Officer 666 is a 1916 silent film made in Australia, based on a successful Broadway comedy of 1912. The film was directed by Fred Niblo who would go on to direct The Mark of Zorro, The Three Musketeers, Blood and Sand and over forty more films.

Officer 666
1912 poster for George M. Cohan's stage production of the play
Directed byFred Niblo
Written byW. J. Lincoln
Based onPlayed by Augustin MacHugh
Adapted by George M. Cohan
StarringFred Niblo
Enid Bennett
George Bryant
Marion Marcus Clarke
CinematographyMaurice Bertel
Release date
1 April 1916[1]
Running time
40 minutes


In New York, millionaire Travers Gladwin (Fred Niblo) learns of a plot to steal his collection of paintings by some art criminals led by Alfred Wilson (Sydney Stirling). Gladwin pretends to leave to go on holiday, but actually remains in the area disguised as a policeman. Wilson and his gang arrive, with Wilson posing as Gladwin, and a young lady as his fiancee. Gladwin tries to stop the robbery but eventually lets Wilson go in order to save the honour of the young lady.
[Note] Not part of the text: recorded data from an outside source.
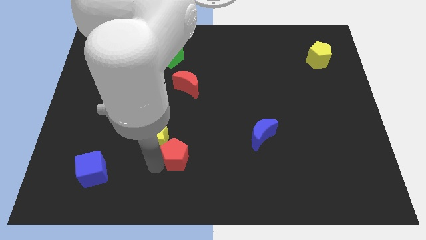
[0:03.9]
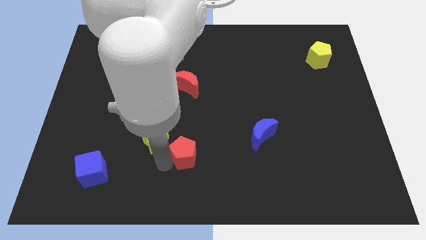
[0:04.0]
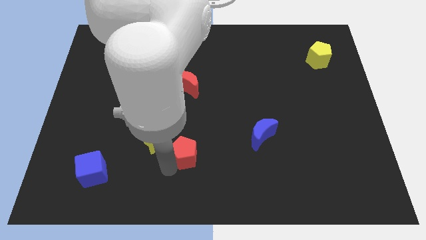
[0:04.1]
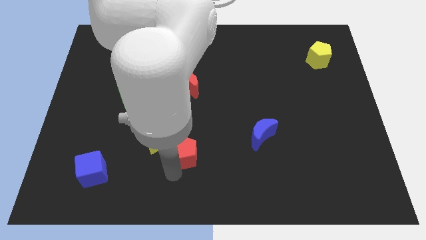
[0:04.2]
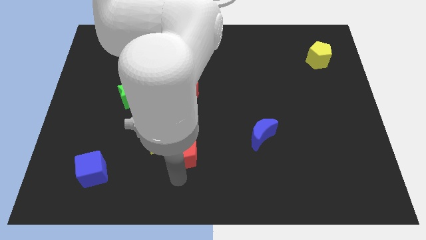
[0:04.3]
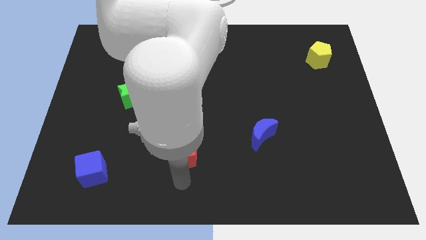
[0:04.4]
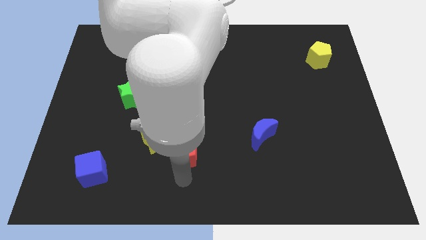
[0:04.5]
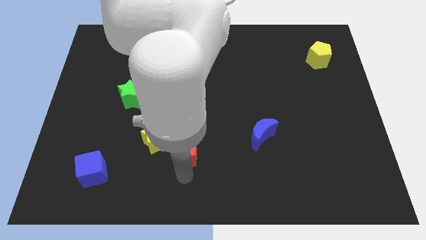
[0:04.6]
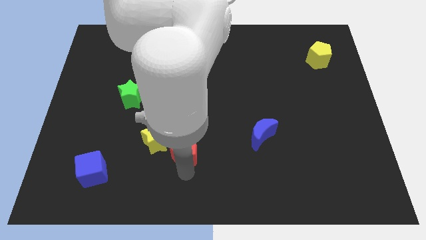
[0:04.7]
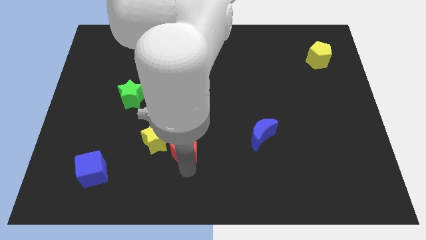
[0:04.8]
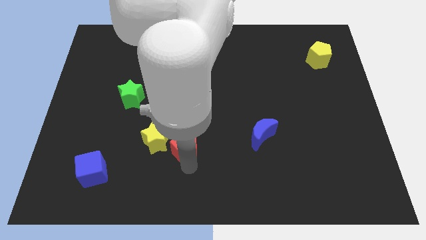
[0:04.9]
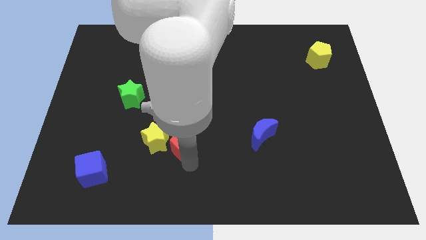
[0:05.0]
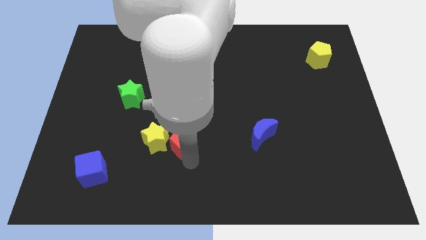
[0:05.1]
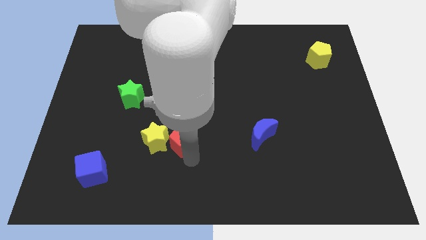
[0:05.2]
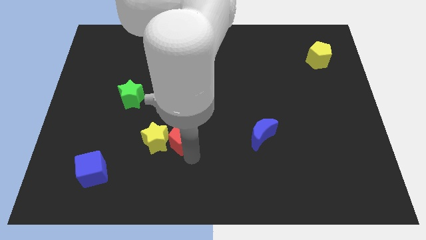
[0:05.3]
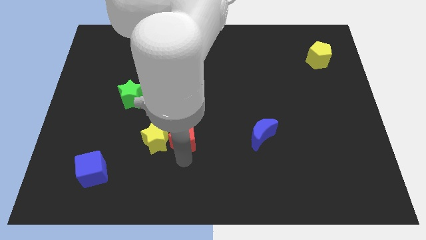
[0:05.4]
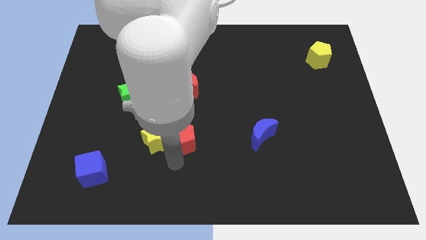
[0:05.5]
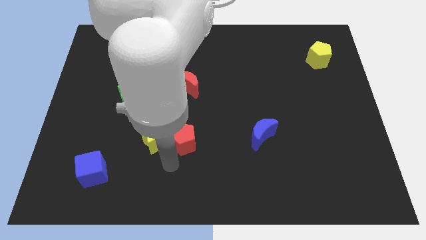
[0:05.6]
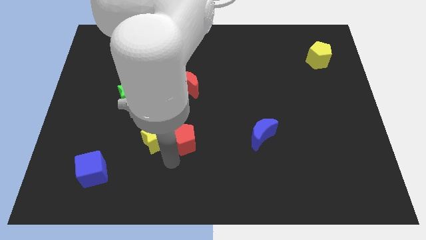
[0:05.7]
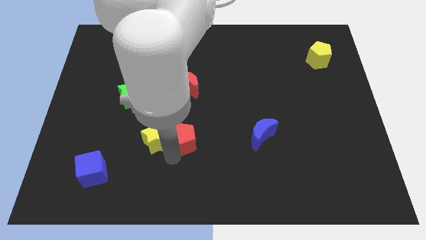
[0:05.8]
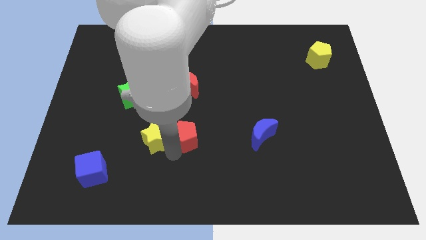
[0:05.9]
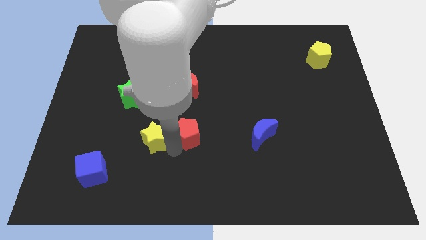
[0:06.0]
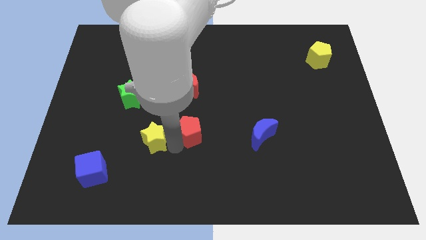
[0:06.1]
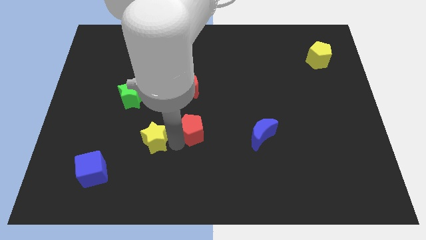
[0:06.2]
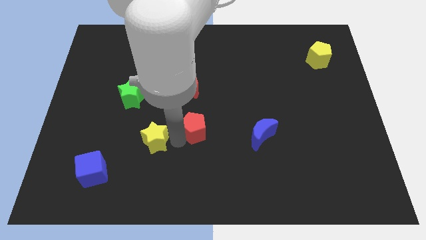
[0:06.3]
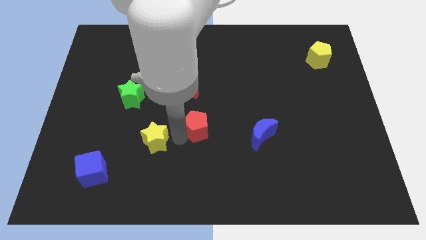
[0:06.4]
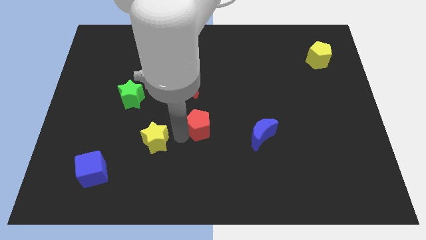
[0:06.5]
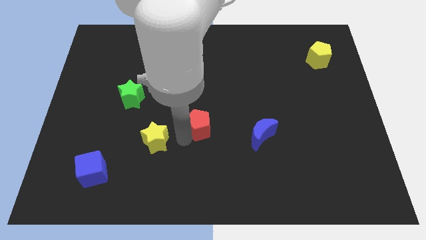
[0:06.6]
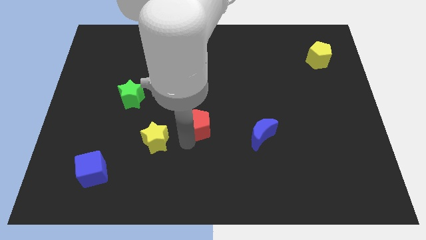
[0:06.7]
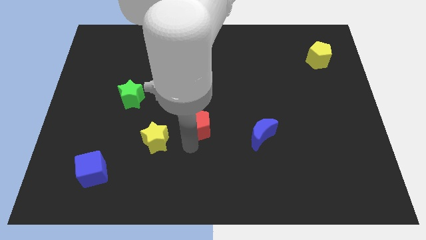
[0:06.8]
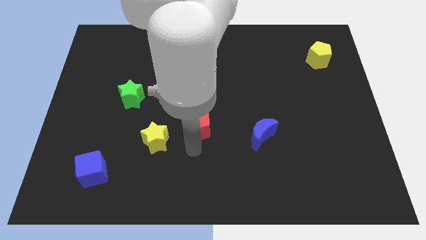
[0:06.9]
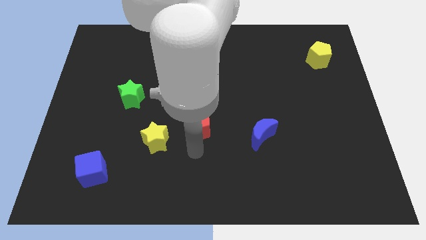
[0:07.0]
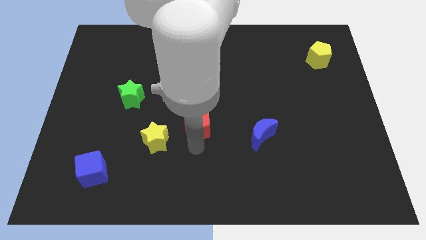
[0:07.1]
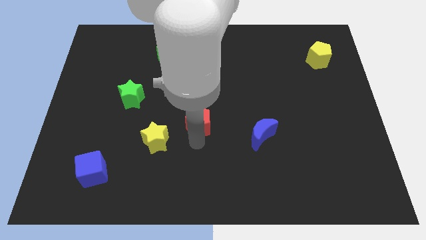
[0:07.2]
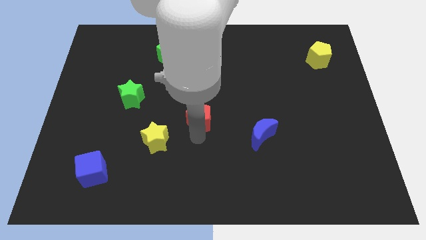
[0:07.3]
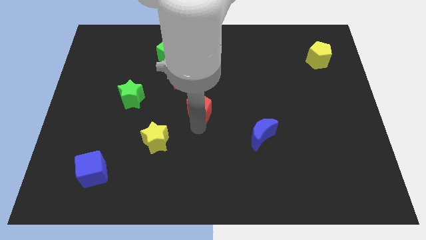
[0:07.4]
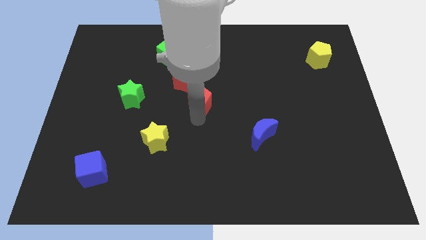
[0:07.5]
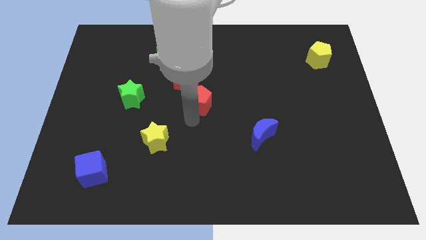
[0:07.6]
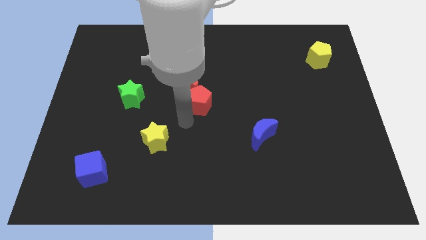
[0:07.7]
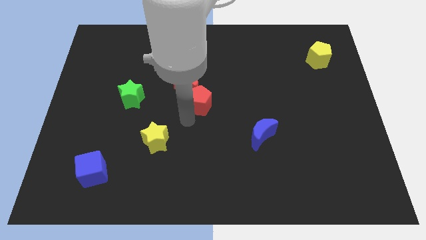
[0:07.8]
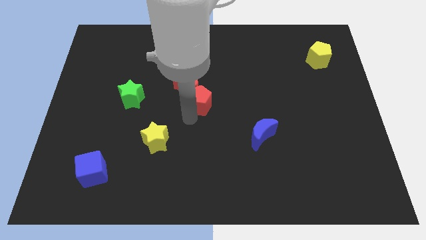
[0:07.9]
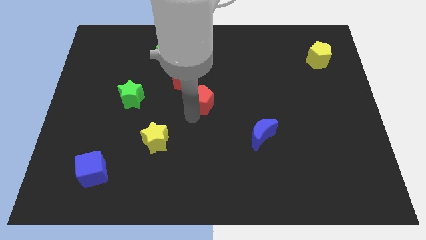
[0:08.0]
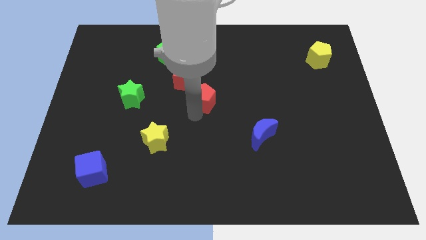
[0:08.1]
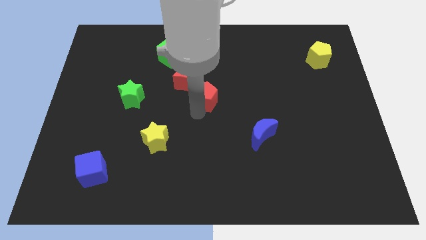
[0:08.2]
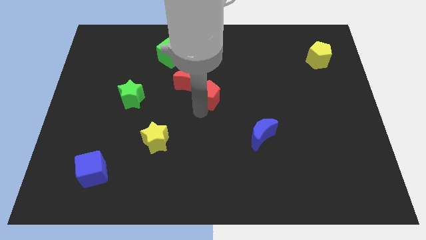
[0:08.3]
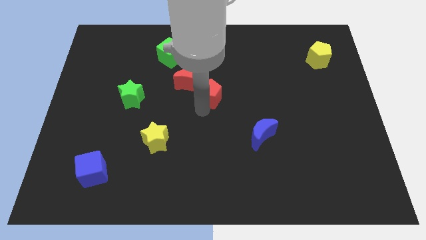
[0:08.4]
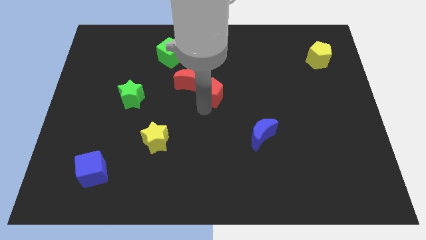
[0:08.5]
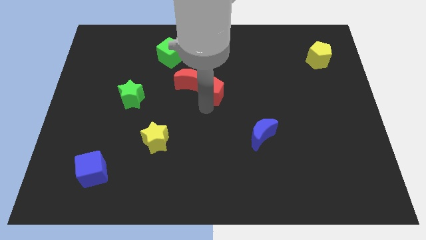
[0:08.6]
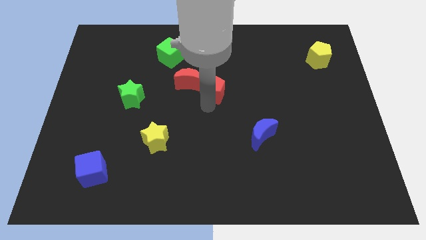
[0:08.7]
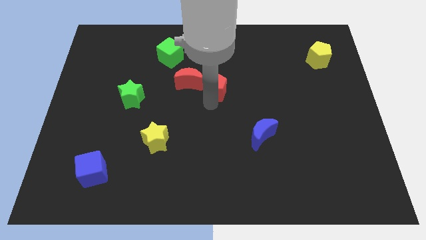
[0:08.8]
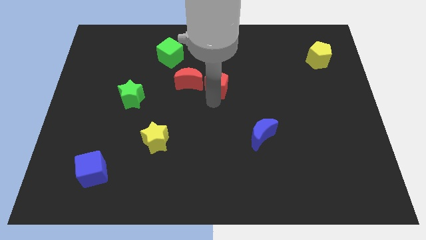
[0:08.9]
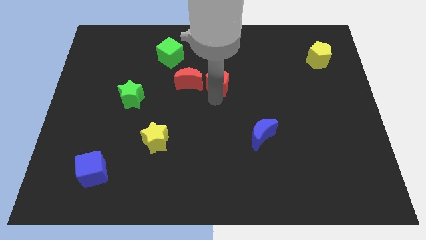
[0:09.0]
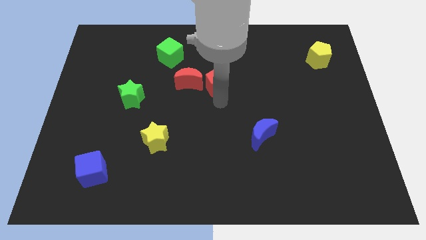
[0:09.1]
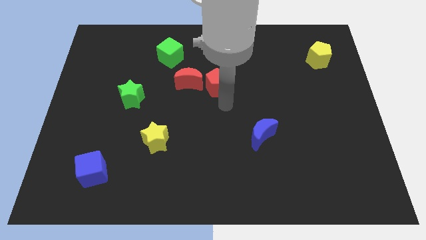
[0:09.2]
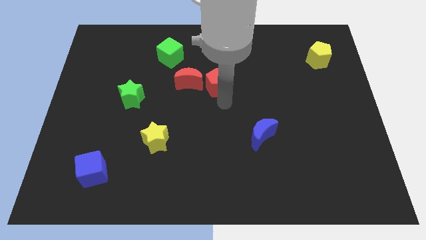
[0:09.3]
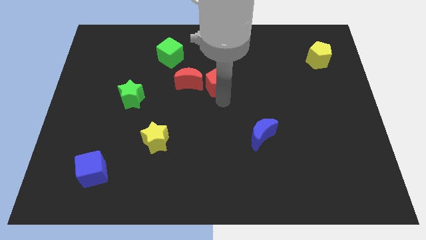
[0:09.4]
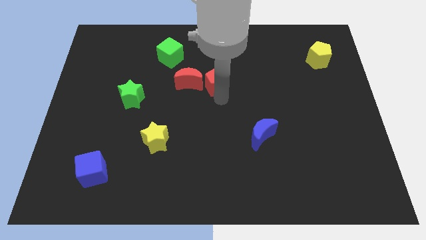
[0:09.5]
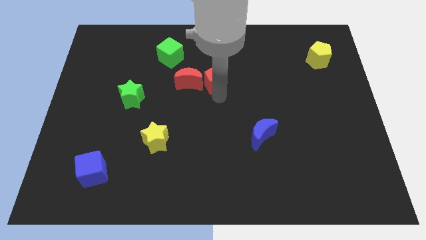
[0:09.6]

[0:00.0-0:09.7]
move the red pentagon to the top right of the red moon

  • Fred Niblo as Travers Gladwin
  • Enid Bennett as Helen Burton
  • Marion Marcus Clarke as Mrs Burton
  • Sydney Stirling as Alfred Wilson
  • Maurice Dudley as Watkins
  • Henry Matsumoto as Bateato
  • Pirie Bush as Whitney Barnes
  • Edwin Lester as Detective Kearney
  • George Bryant as Captain Stone
  • Matee Brown as Sadie
  • Reine Connelly as Celeste

Original play

The film is an adaptation of Augustin MacHugh's 1912 comedy play which was produced on Broadway by George M. Cohan and Sam Harris, then toured the United States during 1912 and 1913.[2][3] Niblo toured with the play in Australia in 1912-13. The play was based on the 1912 novel by Barton Currie and Augustin MacHugh.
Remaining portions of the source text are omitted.